E子はベッドメイキングルームにいた。
31 パパのヤキモチ
の次の日だった。
ドアを叩く音が聞こえたのでドアを開けた。それが片山さんだった。
「片山と申します」
そうは言ったけど真っ青な顔をしていた。
「片山さま お客様とうなさいましたか?」
「私はシーツは毎日は変えないの」
「お客様によってシーツをどう変えるか お好きに言ってくだされば」
「ちょっと汚しちゃったから 変えたくて それを言いに来たけど道に迷ってぐるぐる 一時間は経ってるんじゃないかしら」
「一時間ですか お電話くだされば伺います シーツを変えます」
「でもドッチャラかっちゃらで部屋の中を見せたくないの」
「はぁ」
「それに部屋にネズミがいるの」
「マサカ 船にはネズミはいませんよ」
「本当? だけどタイタニック号にはネズミがいたでしょ」
「この船はタイタニック号ではありませんから」
「あぁ そうだったわね」
と楽しそうにクスクス笑った。あんなに真っ青で困った顔をしていたのに違う人のようだった。結局E子はシーツを持って片山さんを部屋の近くまで送って行った。本当にネコは飼っていないのかわからない。

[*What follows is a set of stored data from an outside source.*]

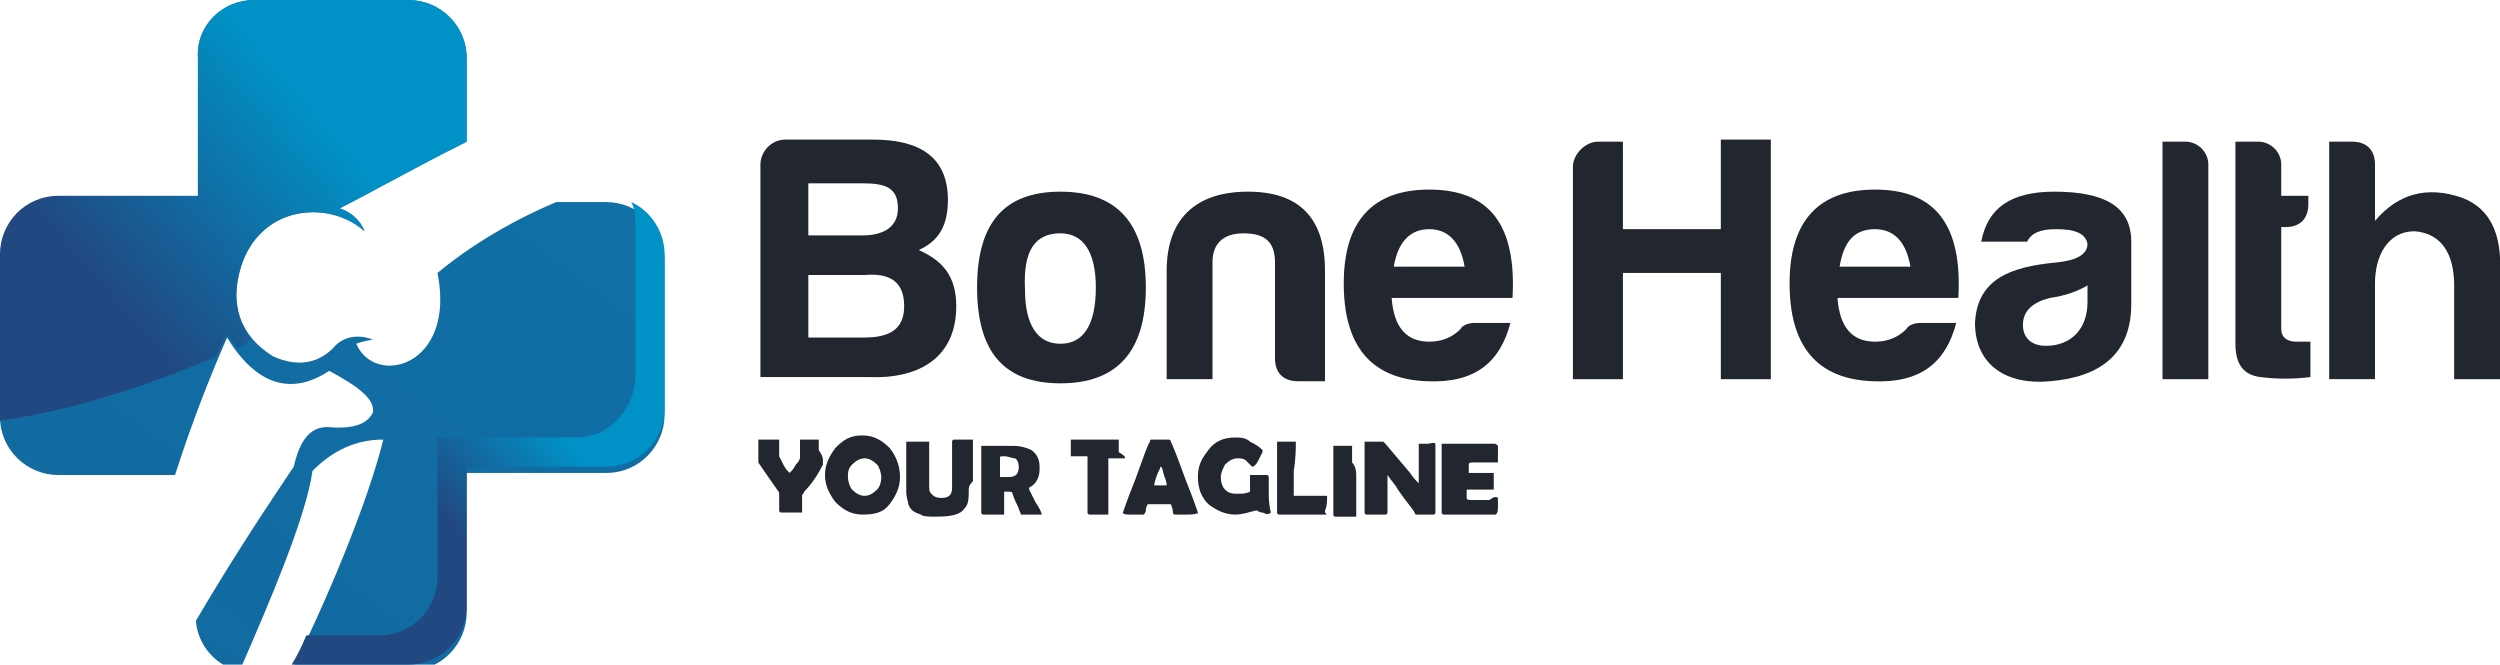 <svg xmlns="http://www.w3.org/2000/svg" xmlns:xlink="http://www.w3.org/1999/xlink" id="Camada_1" x="0px" y="0px" viewBox="0 0 120 31.9" style="enable-background:new 0 0 120 31.9;" xml:space="preserve">
<style type="text/css">
	.st0{fill-rule:evenodd;clip-rule:evenodd;fill:url(#SVGID_1_);}
	.st1{fill-rule:evenodd;clip-rule:evenodd;fill:url(#SVGID_2_);}
	.st2{fill-rule:evenodd;clip-rule:evenodd;fill:#21262F;}
	.st3{fill-rule:evenodd;clip-rule:evenodd;fill:url(#SVGID_3_);}
</style>
<linearGradient id="SVGID_1_" gradientUnits="userSpaceOnUse" x1="151.696" y1="197.398" x2="-119.844" y2="-162.947" gradientTransform="matrix(1 0 0 -1 0 33.153)">
	<stop offset="0" style="stop-color:#0092C6"></stop>
	<stop offset="1" style="stop-color:#214881"></stop>
</linearGradient>
<path class="st0" d="M12.2,0h7.4c1.5,0,2.8,1.2,2.8,2.8v4c-2.6,1.3-4.7,2.5-6.1,3.2c0.6,0.2,1,0.6,1.2,1.1c-0.9-0.8-2.2-1.1-3.4-0.8  s-2.1,1.2-2.5,2.4c-0.6,1.9-0.1,3.4,1.5,4.4c1.1,0.5,2.1,0.4,2.9-0.4c0.4-0.5,1.1-0.7,1.9-0.4c-0.6,0.1-0.8,0.2-0.8,0.2  c0.9,2.1,4.8,1.1,3.9-3.4c0.6-0.5,2.6-2.1,5.7-3.4h2.4c1.5,0,2.8,1.2,2.8,2.8v7.4c0,1.5-1.2,2.8-2.8,2.8h-6.7v6.7  c0,1.5-1.2,2.8-2.8,2.8h-5.6c1.6-3.2,3.6-7.9,4.4-11.1c-1.3,0-2.4,0.5-3.4,1.5c-0.3,2.2-2.1,6.4-3.5,9.6c-1.1-0.2-2-1.2-2.1-2.4  c2-3.4,3.7-5.9,4.7-7.4c0.3-1.3,0.8-1.9,1.6-1.9c1.2,0.1,1.9-0.1,2.2-0.7c0.1-0.6-0.6-1.2-2.1-2c-1.8,1.2-3.5,0.7-4.9-1.6  c-0.7,1.6-1.6,3.8-2.5,6.6H2.8c-1.5,0-2.8-1.2-2.8-2.8v-7.5c0-1.5,1.2-2.8,2.8-2.8h6.7V2.8C9.4,1.2,10.7,0,12.2,0z"></path>
<linearGradient id="SVGID_2_" gradientUnits="userSpaceOnUse" x1="14.991" y1="27.991" x2="4.96" y2="19.272" gradientTransform="matrix(1 0 0 -1 0 33.153)">
	<stop offset="0" style="stop-color:#0092C6"></stop>
	<stop offset="1" style="stop-color:#214881"></stop>
</linearGradient>
<path class="st1" d="M12.2,0h7.4c1.5,0,2.8,1.2,2.8,2.8v4c-2.6,1.3-4.7,2.5-6.1,3.2c0.6,0.2,1,0.6,1.2,1.1c-0.9-0.8-2.2-1.1-3.4-0.8  s-2.1,1.2-2.5,2.4c-0.5,1.4-0.3,2.6,0.5,3.6c-0.1,0-0.2,0.1-0.3,0.2c-0.1,0.1-0.2,0.1-0.4,0.2c-0.2-0.2-0.3-0.4-0.5-0.7  c-0.2,0.4-0.3,0.7-0.5,1.1C6.9,18.6,3.4,19.7,0,20.2c0-0.2,0-0.4,0-0.6v-7.4c0-1.5,1.2-2.8,2.8-2.8h6.7V2.8C9.4,1.2,10.7,0,12.2,0z"></path>
<path class="st2" d="M45.9,14.7c0-1.5-0.7-2.2-1.8-2.7c0.9-0.4,1.4-1.1,1.4-2.4c0-2.1-1.4-2.9-3.6-2.9h-4.2c-0.7,0-1.2,0.6-1.2,1.2  v10.2h5.2C44.2,18.2,45.9,17.1,45.9,14.7L45.9,14.7z M43.1,10c0,0.9-0.7,1.3-1.7,1.3h-2.6V8.8h2.6C42.5,8.8,43.1,9,43.1,10L43.1,10z   M43.4,14.7c0,1.1-0.7,1.5-1.9,1.5h-2.7v-3h2.7C42.7,13.1,43.4,13.5,43.4,14.7z"></path>
<path class="st2" d="M50.9,9.2c-2.7,0-4,1.5-4,4.6s1.3,4.6,4,4.6c2.7,0,4.1-1.5,4.1-4.6S53.6,9.2,50.9,9.2L50.9,9.2z M50.9,11.2  c1.1,0,1.7,0.9,1.7,2.6c0,1.8-0.6,2.7-1.7,2.7s-1.7-0.9-1.7-2.6C49.1,12,49.7,11.2,50.9,11.2z"></path>
<path class="st2" d="M63.6,18.2V13c0-2.5-1.2-3.8-3.7-3.8S56,10.5,56,13v5.2h2.2v-5.6c0-0.9,0.5-1.4,1.5-1.4s1.5,0.4,1.5,1.4v4.6  c0,0.7,0.4,1.1,1.1,1.1H63.6z"></path>
<path class="st2" d="M72.5,15.5h-1.7c-0.3,0-0.6,0.1-0.7,0.3c-0.4,0.4-0.9,0.6-1.5,0.6c-1.1,0-1.7-0.7-1.8-2.1h5.8  c0.2-3.5-1.1-5.2-4-5.2c-2.7,0-4.1,1.5-4.1,4.5c0,3,1.3,4.6,4,4.7C70.8,18.4,72,17.4,72.5,15.5L72.5,15.5z M68.6,11  c0.9,0,1.5,0.6,1.7,1.8h-3.4C67.1,11.6,67.7,11,68.6,11z"></path>
<path class="st2" d="M75.5,8v10.2h2.4v-5.1h4.7v5.1h2.4V6.7h-2.4v4.3h-4.7V6.8h-1.2C76.1,6.8,75.5,7.4,75.5,8z"></path>
<path class="st2" d="M93.9,15.5h-1.7c-0.3,0-0.6,0.1-0.7,0.3c-0.4,0.4-0.9,0.6-1.5,0.6c-1.1,0-1.7-0.7-1.8-2.1H94  c0.2-3.5-1.1-5.2-4-5.2c-2.7,0-4.1,1.5-4.1,4.5c0,3,1.3,4.6,4,4.7C92.2,18.4,93.4,17.4,93.9,15.5L93.9,15.5z M90,11  c0.9,0,1.5,0.6,1.7,1.8h-3.4C88.5,11.6,89,11,90,11z"></path>
<path class="st2" d="M98.2,16.6c-0.7,0-1.1-0.4-1.1-1c0-0.7,0.5-1.1,1.3-1.3c0.7-0.1,1.3-0.3,1.8-0.6v0.8  C100.2,15.8,99.4,16.6,98.2,16.6L98.2,16.6z M98.7,11c0.9,0,1.4,0.2,1.5,0.7c0,0.5-0.5,0.8-1.5,0.9c-2.2,0.2-3.8,0.8-3.9,2.9  c0,2,1.5,3,3.6,2.8c2.4-0.2,3.9-1.3,3.9-3.7v-3c0-1.7-1.3-2.4-3.7-2.4c-2.1,0-3.2,0.8-3.5,2.4h2.2C97.5,11.2,97.9,11,98.7,11z"></path>
<path class="st2" d="M104.9,6.8h-1.1v11.4h2.2V7.9C106,7.3,105.5,6.8,104.9,6.8z"></path>
<path class="st2" d="M110.8,9.8V9.4h-1.3V7.9c0-0.6-0.5-1.1-1.1-1.1h-1.1v9.7c0,1,0.4,1.5,1.2,1.6c0.8,0.1,1.6,0.1,2.4,0v-1.7h-0.7  c-0.4,0-0.7-0.2-0.7-0.6v-4.9h0.2C110.4,10.9,110.8,10.5,110.8,9.8z"></path>
<path class="st2" d="M117.8,13.7v4.5h2.2v-5.1c0.1-1.9-0.5-3.1-1.8-3.6c-1.7-0.6-3.1-0.2-4.2,1.1V7.9c0-0.7-0.4-1.1-1.1-1.1h-1.1  v11.4h2.2v-4.6c0-1.3,0.6-2.5,1.9-2.5C117.2,11.2,117.8,12.2,117.8,13.7z"></path>
<path class="st2" d="M39.5,22.1c0,0.1,0,0.1,0,0.2c-0.2,0.4-0.5,0.9-0.9,1.3c0,0.1-0.1,0.1-0.1,0.2s0,0.2,0,0.4s0,0.3,0,0.4  c0,0,0,0,0,0s0,0-0.1,0s-0.2,0-0.4,0s-0.4,0-0.5,0c0,0-0.1,0-0.1-0.1c0-0.1,0-0.2,0-0.4c0-0.2,0-0.3,0-0.4c0,0,0-0.1-0.1-0.2  c-0.2-0.3-0.5-0.7-0.9-1.3c0-0.1,0-0.1,0-0.2c0-0.1,0-0.2,0-0.4s0-0.4,0-0.4c0,0,0-0.1,0-0.1c0.1,0,0.2,0,0.5,0c0.2,0,0.4,0,0.5,0  c0,0,0,0,0,0c0,0.1,0,0.2,0,0.4c0,0.2,0,0.3,0,0.4c0,0,0.1,0.2,0.2,0.4c0.1,0.2,0.2,0.3,0.3,0.4c0.1-0.1,0.2-0.2,0.3-0.4  c0.2-0.2,0.2-0.3,0.2-0.4c0-0.1,0-0.2,0-0.4c0-0.2,0-0.3,0-0.4c0,0,0,0,0,0c0,0,0,0,0.1,0c0.1,0,0.2,0,0.4,0s0.4,0,0.4,0  c0,0,0,0,0,0.1s0,0.2,0,0.4C39.5,21.9,39.5,22,39.5,22.1z"></path>
<path class="st2" d="M43.2,22.9c0,0.5-0.2,0.9-0.5,1.3c-0.3,0.4-0.7,0.5-1.3,0.5c-0.5,0-0.9-0.2-1.3-0.6c-0.3-0.4-0.5-0.8-0.5-1.3  s0.2-0.9,0.5-1.3c0.4-0.4,0.7-0.6,1.3-0.6c0.5,0,0.9,0.2,1.3,0.6C43.1,22,43.2,22.5,43.2,22.9L43.2,22.9z M42.3,22.9  c0-0.2-0.1-0.5-0.2-0.6c-0.2-0.2-0.4-0.3-0.6-0.3s-0.4,0.1-0.6,0.3s-0.2,0.4-0.2,0.6s0.1,0.5,0.2,0.6c0.2,0.2,0.4,0.3,0.6,0.3  s0.4-0.1,0.6-0.3C42.2,23.4,42.3,23.2,42.3,22.9z"></path>
<path class="st2" d="M46.5,23.5c0,0.4,0,0.7-0.2,0.9c-0.2,0.3-0.6,0.4-1.4,0.4c-0.3,0-0.6,0-0.7-0.1c-0.3-0.1-0.5-0.2-0.6-0.5  c0-0.1-0.1-0.3-0.1-0.6c0-0.1,0-0.2,0-0.3c0-0.1,0-0.2,0-0.3c0-0.2,0-0.5,0-0.9c0-0.4,0-0.7,0-0.9c0,0,0,0,0,0c0.1,0,0.2,0,0.5,0  c0.2,0,0.4,0,0.5,0c0,0,0.1,0,0.1,0c0,0.2,0,0.6,0,1c0,0.4,0,0.7,0,1c0,0.3,0,0.4,0.1,0.5c0.1,0.1,0.2,0.2,0.5,0.2  c0.4,0,0.5-0.2,0.5-0.5c0-0.2,0-0.6,0-1.1c0-0.5,0-0.8,0-1.1c0,0,0-0.1,0.1-0.1c0.1,0,0.2,0,0.4,0s0.4,0,0.4,0c0,0,0.1,0,0.1,0  c0,0.2,0,0.5,0,0.9c0,0.4,0,0.7,0,0.9c0,0,0,0.1,0,0.2C46.5,23.3,46.5,23.4,46.5,23.5z"></path>
<path class="st2" d="M50,24.7C50,24.7,50,24.7,50,24.7c-0.1,0-0.3,0-0.5,0c-0.2,0-0.4,0-0.4,0c0,0,0,0-0.1,0l0,0  c0-0.1-0.1-0.2-0.1-0.3c-0.1-0.2-0.2-0.4-0.3-0.7c0-0.1-0.1-0.1-0.2-0.1c0,0,0,0-0.2,0c0,0,0,0,0,0.1c0,0.1,0,0.3,0,0.5  c0,0.2,0,0.4,0,0.5c0,0,0,0,0,0s0,0-0.1,0c-0.1,0-0.2,0-0.5,0s-0.4,0-0.4,0s-0.1,0-0.1-0.1c0-0.2,0-0.5,0-0.8c0-0.4,0-0.6,0-0.8  c0-0.7,0-1.2,0-1.6v0c0,0,0,0,0.1,0s0.3,0,0.7,0c0.3,0,0.6,0,0.7,0c0.4,0,0.7,0.1,0.9,0.2c0.3,0.2,0.4,0.5,0.4,0.8  c0,0.2,0,0.4-0.1,0.6c-0.1,0.2-0.2,0.3-0.4,0.4c0,0,0,0,0,0.1c0,0,0.1,0.2,0.3,0.6C49.9,24.4,50,24.6,50,24.7L50,24.7z M48.9,22.4  c0-0.2-0.1-0.4-0.2-0.4c-0.1,0-0.3-0.1-0.5-0.1c-0.2,0-0.2,0-0.2,0.1s0,0.2,0,0.5c0,0,0,0.1,0,0.2s0,0.1,0,0.2c0,0,0,0,0.1,0  c0.1,0,0.2,0,0.3,0C48.8,22.9,48.9,22.7,48.9,22.4z"></path>
<path class="st2" d="M54,22C54,22,54,22,54,22c-0.1,0-0.4,0-0.8,0c0,0.4,0,0.7,0,0.9c0,0.2,0,0.5,0,0.9c0,0.4,0,0.7,0,0.9  c0,0,0,0,0,0c0,0,0,0-0.1,0c-0.1,0-0.2,0-0.4,0s-0.4,0-0.4,0c0,0-0.1,0-0.1-0.1c0-0.2,0-0.5,0-0.9c0-0.4,0-0.7,0-0.9  c0-0.1,0-0.4,0-0.9c-0.3,0-0.6,0-0.8,0c0,0,0,0,0,0s0-0.1,0-0.2s0-0.2,0-0.2c0-0.1,0-0.2,0-0.2c0-0.1,0-0.2,0-0.2s0,0,0,0  c0.3,0,0.7,0,1.2,0c0.2,0,0.4,0,0.8,0c0.2,0,0.3,0,0.3,0c0,0,0,0,0,0v0c0,0,0,0.1,0,0.2s0,0.2,0,0.2s0,0.1,0,0.2  C54,21.9,54,21.9,54,22z"></path>
<path class="st2" d="M57.5,24.6C57.5,24.7,57.4,24.7,57.5,24.6c-0.1,0.1-0.3,0.1-0.6,0.1c-0.2,0-0.4,0-0.5,0c0,0-0.1,0-0.1-0.1  c0-0.2-0.1-0.4-0.1-0.4c0,0-0.2,0-0.7,0c-0.3,0-0.4,0-0.4,0c0,0-0.1,0.1-0.1,0.3c0,0.1-0.1,0.2-0.1,0.2c0,0-0.2,0-0.6,0  c-0.2,0-0.4,0-0.4-0.1c0,0,0.2-0.6,0.6-1.6c0.4-1.1,0.6-1.7,0.7-1.8c0-0.1,0-0.1,0.1-0.1c0,0,0.1,0,0.2,0s0.2,0,0.2,0s0.1,0,0.2,0  s0.2,0,0.2,0s0.1,0,0.1,0.1c0.1,0.2,0.3,0.7,0.7,1.8C57.3,24,57.5,24.6,57.5,24.6L57.5,24.6z M55.7,22.4c0,0.1-0.1,0.2-0.2,0.5  c-0.1,0.3-0.1,0.4-0.1,0.4s0,0,0.2,0c0,0,0.1,0,0.2,0s0.2,0,0.2,0c0,0,0,0,0,0s0-0.2-0.1-0.4C55.8,22.6,55.8,22.4,55.7,22.4z"></path>
<path class="st2" d="M61,24.6C61,24.6,60.9,24.7,61,24.6c-0.1,0.1-0.2,0.1-0.4,0c-0.2,0-0.2-0.1-0.3-0.1c-0.4,0.1-0.7,0.2-1,0.2  c-0.5,0-0.9-0.2-1.3-0.5c-0.3-0.3-0.5-0.7-0.5-1.3s0.2-0.9,0.5-1.3c0.3-0.4,0.7-0.6,1.3-0.6c0.2,0,0.5,0,0.7,0.2  c0.2,0.1,0.4,0.2,0.6,0.4c0,0,0,0.1,0,0.1c0,0-0.1,0.2-0.2,0.4s-0.2,0.3-0.3,0.3c0,0,0,0-0.1-0.1s-0.2-0.2-0.2-0.2  C59.7,22,59.5,22,59.4,22c-0.2,0-0.4,0.1-0.6,0.3c-0.1,0.2-0.2,0.4-0.2,0.6c0,0.3,0.1,0.5,0.2,0.6c0.2,0.2,0.4,0.2,0.6,0.2  c0.2,0,0.4,0,0.6-0.1c0,0,0-0.2,0-0.4c0-0.2,0-0.3,0-0.4c0,0,0,0,0,0h0c0,0,0.1,0,0.2,0s0.2,0,0.2,0c0,0,0.1,0,0.2,0  c0.1,0,0.2,0,0.2,0c0,0,0.1,0,0.1,0.1c0,0.1,0,0.2,0,0.4c0,0.2,0,0.3,0,0.4C60.9,23.8,60.9,24.2,61,24.6L61,24.6z"></path>
<path class="st2" d="M63.6,24.7c-0.2,0-0.3,0-0.6,0c-0.3,0-0.5,0-0.6,0h-0.7c-0.1,0-0.2,0-0.3,0c0,0-0.1,0-0.1-0.1  c0-0.2,0-0.4,0-0.8c0-0.4,0-0.6,0-0.8c0-0.2,0-0.5,0-0.9c0-0.4,0-0.7,0-0.9c0,0,0,0,0.1,0c0,0,0.1,0,0.2,0c0.1,0,0.2,0,0.2,0  c0,0,0.1,0,0.2,0s0.2,0,0.2,0s0,0,0,0v0c0,0.3,0,0.8-0.1,1.4v0.7c0,0.2,0,0.4,0,0.5v0c0,0,0,0,0,0c0,0,0,0,0.1,0c0.2,0,0.4,0,0.7,0  c0.3,0,0.5,0,0.7,0c0,0,0.1,0,0.1,0c0,0.3,0,0.5-0.1,0.7c0,0,0,0.1,0,0.1C63.7,24.7,63.7,24.7,63.6,24.7z"></path>
<path class="st2" d="M65.1,22.9c0,0.2,0,0.5,0,0.9c0,0.4,0,0.7,0,0.9c0,0,0,0,0,0.1c0,0,0,0-0.1,0c-0.1,0-0.2,0-0.4,0  c-0.2,0-0.4,0-0.5,0c0,0-0.1,0-0.1-0.1c0,0,0-0.1,0-0.4c0-0.7,0-1.1,0-1.3c0-0.2,0-0.4,0-0.8c0-0.4,0-0.6,0-0.8c0,0,0,0,0,0  s0.1,0,0.2,0s0.2,0,0.2,0c0,0,0.1,0,0.2,0s0.2,0,0.2,0c0,0,0.1,0,0.1,0c0,0.2,0,0.4,0,0.8C65.1,22.4,65.1,22.7,65.1,22.9z"></path>
<path class="st2" d="M68.9,21.3c0,0.2,0,0.5,0,0.8c0,0.4,0,0.7,0,0.9v1.6c0,0,0,0.1-0.1,0.1c0,0-0.1,0-0.2,0s-0.2,0-0.2,0  s-0.1,0-0.2,0s-0.2,0-0.2,0s-0.1,0-0.1-0.1c-0.1-0.2-0.4-0.5-0.8-1.1c-0.1-0.2-0.3-0.4-0.5-0.7c0,0,0,0,0,0v0c0,0.2,0,0.5,0,0.9  c0,0.4,0,0.7,0,0.9c0,0,0,0.1-0.1,0.1h-0.9c0,0-0.1,0-0.1-0.1c0-0.2,0-0.4,0-0.8c0-0.4,0-0.6,0-0.8c0-0.2,0-0.5,0-0.9  c0-0.4,0-0.7,0-0.9c0,0,0,0,0.1,0c0.1,0,0.2,0,0.4,0c0,0,0.1,0,0.2,0c0.1,0,0.2,0,0.2,0s0,0,0.1,0.1l1.1,1.3  c0.1,0.1,0.2,0.3,0.4,0.5c0,0,0.1,0.1,0.1,0.1c0,0,0-0.1,0-0.2c0-0.2,0-0.4,0-0.8c0-0.4,0-0.6,0-0.8c0-0.1,0-0.1,0-0.1  c0.1,0,0.2,0,0.4,0S68.8,21.2,68.9,21.3C68.9,21.2,68.9,21.2,68.9,21.3z"></path>
<path class="st2" d="M71.9,23.9c0,0.1,0,0.2,0,0.4s0,0.3-0.1,0.4c0,0,0,0-0.1,0c0,0,0,0-0.1,0c-0.1,0-0.5,0-1.1,0  c-0.1,0-0.3,0-0.6,0c-0.2,0-0.4,0-0.6,0c0,0-0.1,0-0.1-0.1c0-0.2,0-0.5,0-0.8s0-0.6,0-0.8s0-0.6,0-1.1c0-0.1,0-0.3,0-0.6v0  c0,0,0,0,0.1,0c0.1,0,0.3,0,0.6,0c0.2,0,0.4,0,0.6,0c0.1,0,0.3,0,0.6,0c0.2,0,0.4,0,0.6,0c0.1,0,0.1,0,0.2,0.1c0,0,0,0.2,0,0.4  s0,0.3,0,0.4c0,0,0,0,0,0h0c-0.4,0-0.8,0-1.2,0c-0.1,0-0.2,0-0.2,0.1c0,0,0,0.1,0,0.2s0,0.2,0,0.2s0.1,0,0.2,0c0,0,0,0,0.1,0  c0,0,0.1,0,0.1,0c0.2,0,0.4,0,0.6,0c0,0,0.1,0,0.1,0s0.1,0,0.1,0c0,0,0,0,0,0c0,0,0,0.1,0,0.4c0,0.1,0,0.3,0,0.4c0,0,0,0-0.1,0  c0,0-0.1,0-0.2,0c-0.1,0-0.3,0-0.6,0h-0.3c-0.1,0-0.1,0-0.1,0c0,0,0,0.1,0,0.2c0,0.1,0,0.2,0,0.2c0,0.1,0.1,0.1,0.3,0.1  c0,0,0.1,0,0.4,0c0.1,0,0.2,0,0.4,0C71.6,23.9,71.8,23.8,71.9,23.9C71.9,23.8,71.9,23.8,71.9,23.9z"></path>
<linearGradient id="SVGID_3_" gradientUnits="userSpaceOnUse" x1="26.225" y1="13.116" x2="21.145" y2="8.542" gradientTransform="matrix(1 0 0 -1 0 33.153)">
	<stop offset="0" style="stop-color:#0092C6"></stop>
	<stop offset="1" style="stop-color:#214881"></stop>
</linearGradient>
<path class="st3" d="M27.7,21H21v6.7c0,1.5-1.2,2.8-2.8,2.8h-3.5c-0.2,0.5-0.4,0.9-0.7,1.4h5.6c1.5,0,2.8-1.2,2.8-2.8v-6.7h6.7  c1.5,0,2.8-1.2,2.8-2.8v-7.4c0-1.1-0.7-2.1-1.6-2.5c0.2,0.4,0.2,0.7,0.2,1.1v7.4C30.4,19.7,29.2,21,27.7,21z"></path>
</svg>

「片山さま ネズミはいないと思いますけどネコはいませんか?」
「ネコ? いいえ 私は動物は苦手なの 娘は何とかいう小さい犬が大好きでそれはそれは可愛がってるけどね」
にこやかに答えた裕子だった。それならいいけどね。片山さんについてはかなり心配だとE子は思った。でも片山さんがネコは苦手でよかった。実は誰にも言っていないけどお客様が飼っていたネコが逃げ出して頼まれて追いかけたとき捕まえた。なのにうっかり海に落としてしまったのだ。もちろん誰にも言えない言わない言うわけがない。そしてそれ以来ネコが怖くて怖くてたまらなくなってしまった。